Workflows that Work: making it "easy enough"

I thought I had already fixed this problem. I thought I already had a way to recover the code and parameter values of figures saved in my image log. Grab the SHA hash from the comment, go to the relevant repository on github, search the commit history for the commit, find the version of that file that was current at that time of commit (which could be in an earlier version if nothing had changed…) and so forth… Instead, I would catch myself re-running the code with parameters I knew (I’d scribble somewhere), just so I could be sure. And these are not fast codes to re-run. Sure, it was possible. It just wasn’t easy enough. So I took a few hours to rewrite my socialR package to handle this properly. Goodbye SHA hash and search, hello direct links.

Linked reproducible scripts

I run a script and it produces some graphical output, like this:

Clicking on the image takes you to its place in the flickr photostream.  It has been automatically tagged, and the comment includes a direct link to a version-stable copy of the sourcecode that created it.  From the code page, we get a lot more information than just the source.

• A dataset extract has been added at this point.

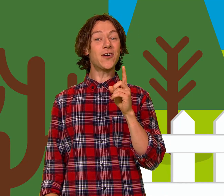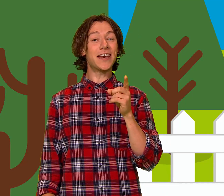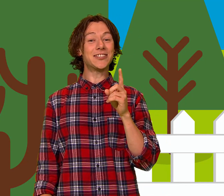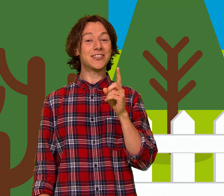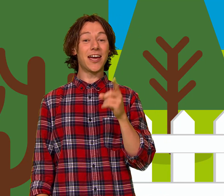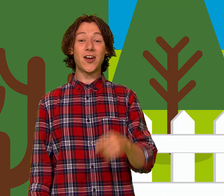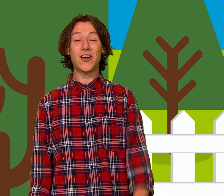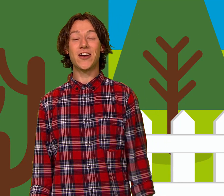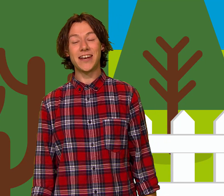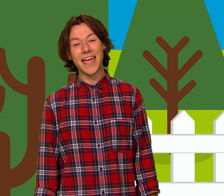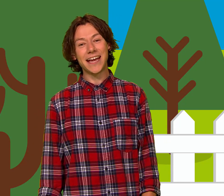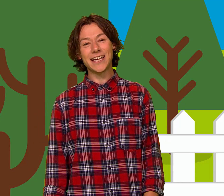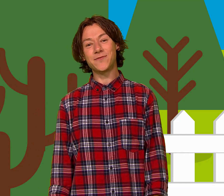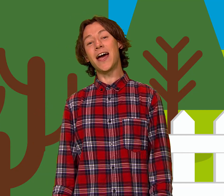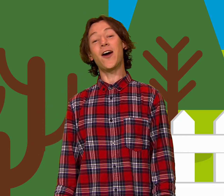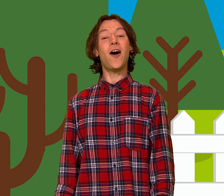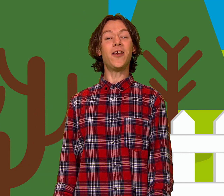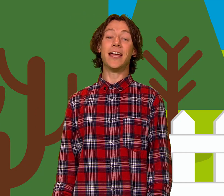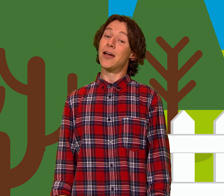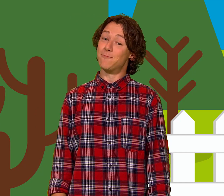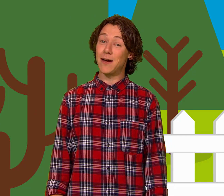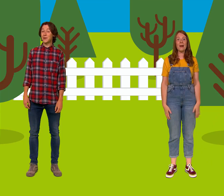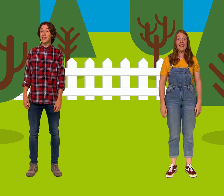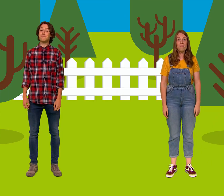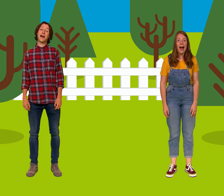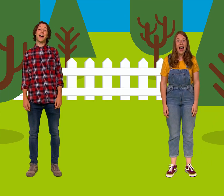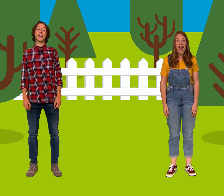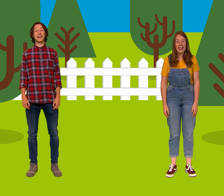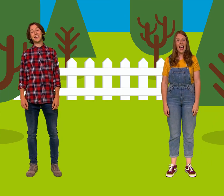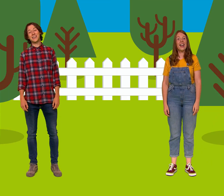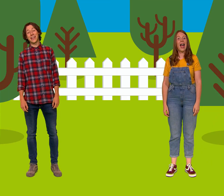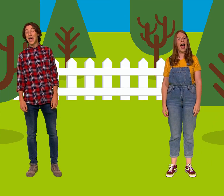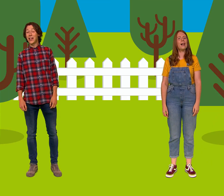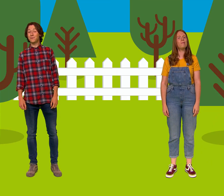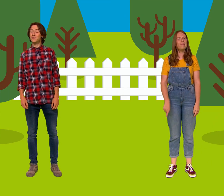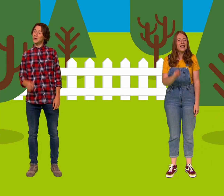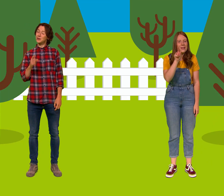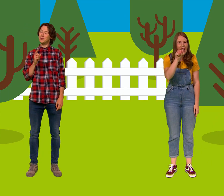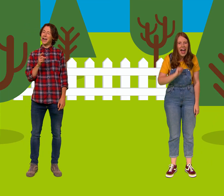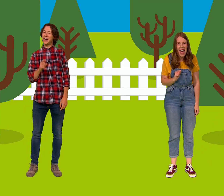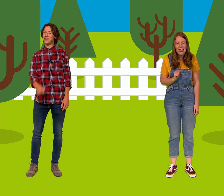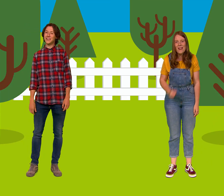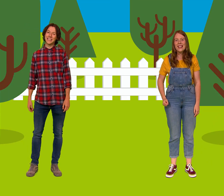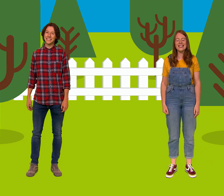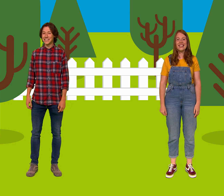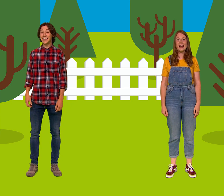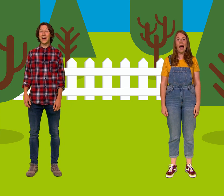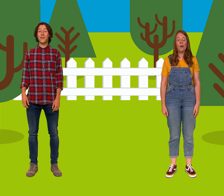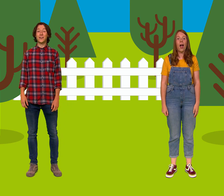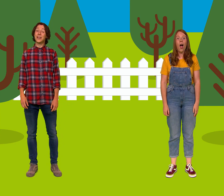'r enesa yn eu ges fach hon Mae pethau bach yn helpu dwi'n addo i ti nawr
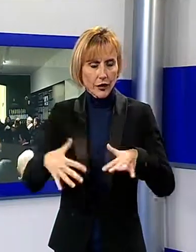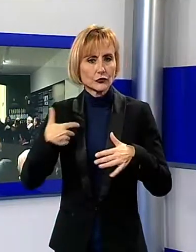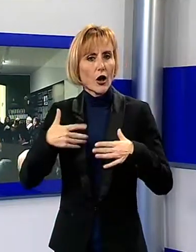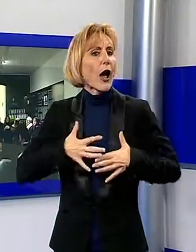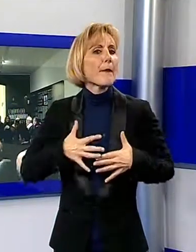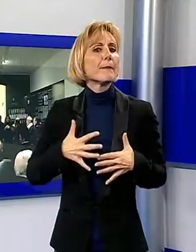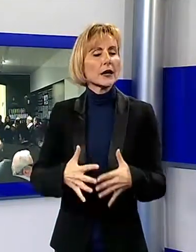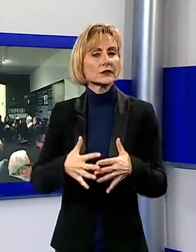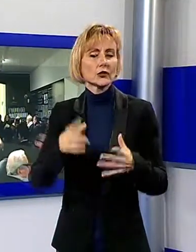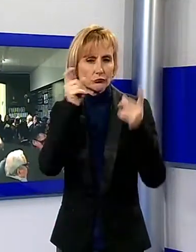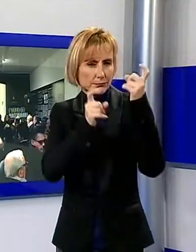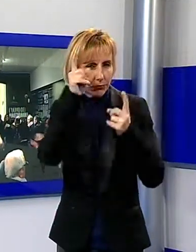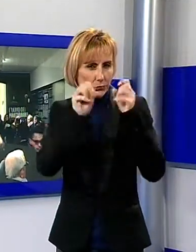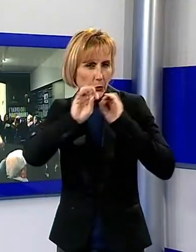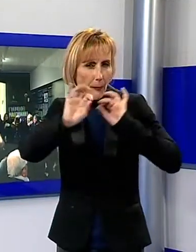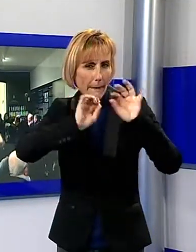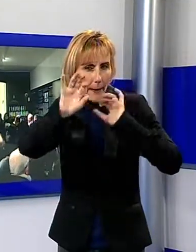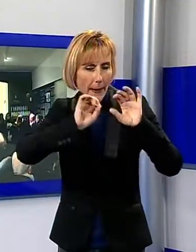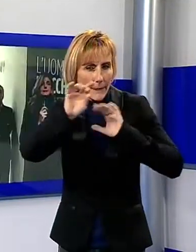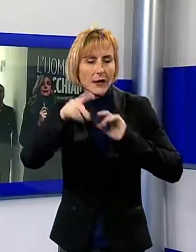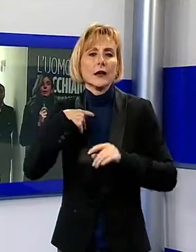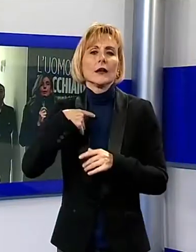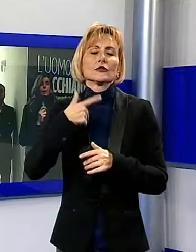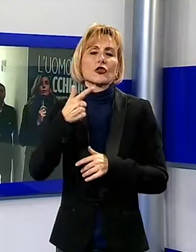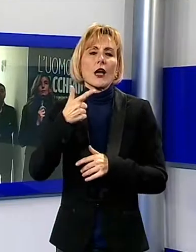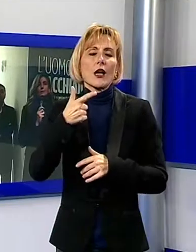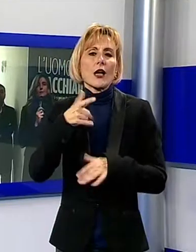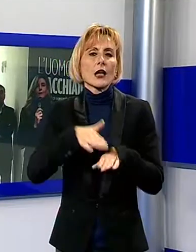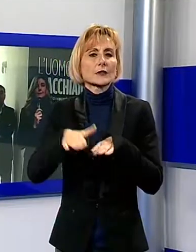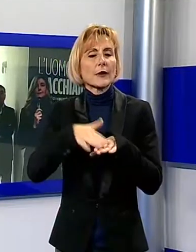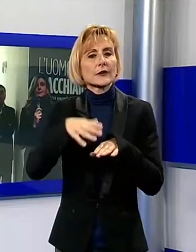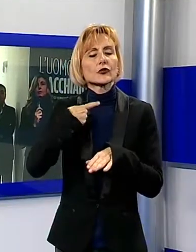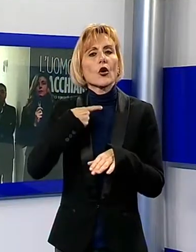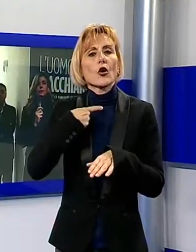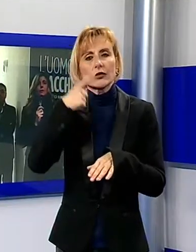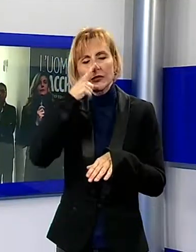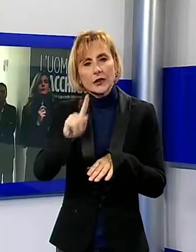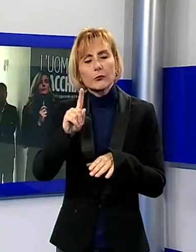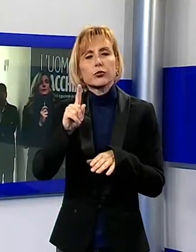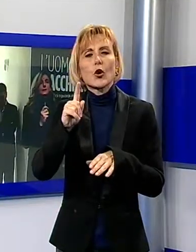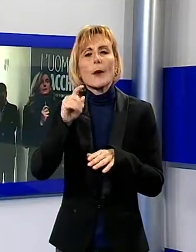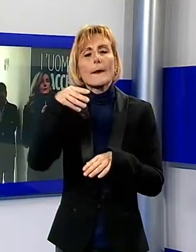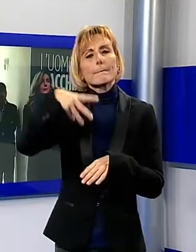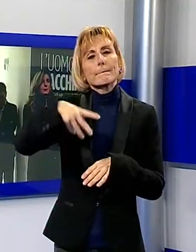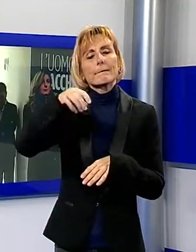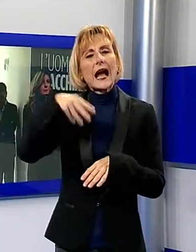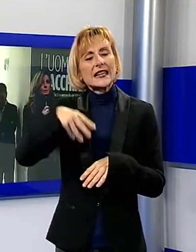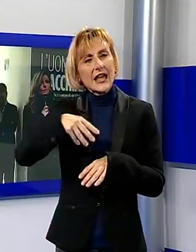Mario Borgiotti, raffinato collezionista e appassionato esperto dei macchiaioli, ma anche un riconoscimento all'artista Borgiotti con l

  • We can see the package that it depends on, and grab all the dependencies by using git to pull this SHA commit hash.

  • We can view the commit history of this particular file (click history).  Clicking then on any item shows a marked up diff of the file.

  • If logged in to github, I can add line notes and comments to the diff pages, just as I can add comments in flickr.

  • Full suite of other abilities of both flickr and github, comments.  For instance, I can actually edit and commit changes to the code directly on github, or use flickr’s built-in photo editor.  Tag, search, and social functions also available.

The links to the images and code can also be sent to me from my computer’s twitter account:

[blackbirdpie url=“https://twitter.com/#!/tweeting_cpu/status/79278116543012864”]

Viewing the tweet in the browser will actually show the image with the tweet, otherwise the links can quickly show me the figures or code. A similar tweet can be sent on the case of an error (if in batch mode only, the machine knows not to tweet if I’m right here),  giving a timestamped link to the code and the name of the machine on which the run occurred.  A mention can get my attention and a unique hash tags help quickly check for other output by the same machine.

https://twitter.com/#!/tweeting_cpu/status/79278121827827713

Adding Reporting to the R Scripts

A bit more overhead is required in the code than simply loading the package and calling the report function (currently called “upload”).

  • We need to specify the script name.

  • We also must specify the commits manually, (not necessary if everything is committed before each batch run … but I’m not that perfect).

  • We must define a bit of information about the repository structure, though it will guess for my standard use cases.

  • Then we can add optional information like tags, turn on the error reporting, etc.  An example script with these features looks like:

[gist id=1019567]

Possible concerns

  • Commits only the current script.  This assures the version number corresponds to a commit to this actual file, though links will work correctly regardless.  (Do all files exist as url at the end of all commits? – Yes.)

  • Possible errors: installed version is older than the other files committed.  Would ideally run R CMD INSTALL and git commit -a before running any scripts, but oh well.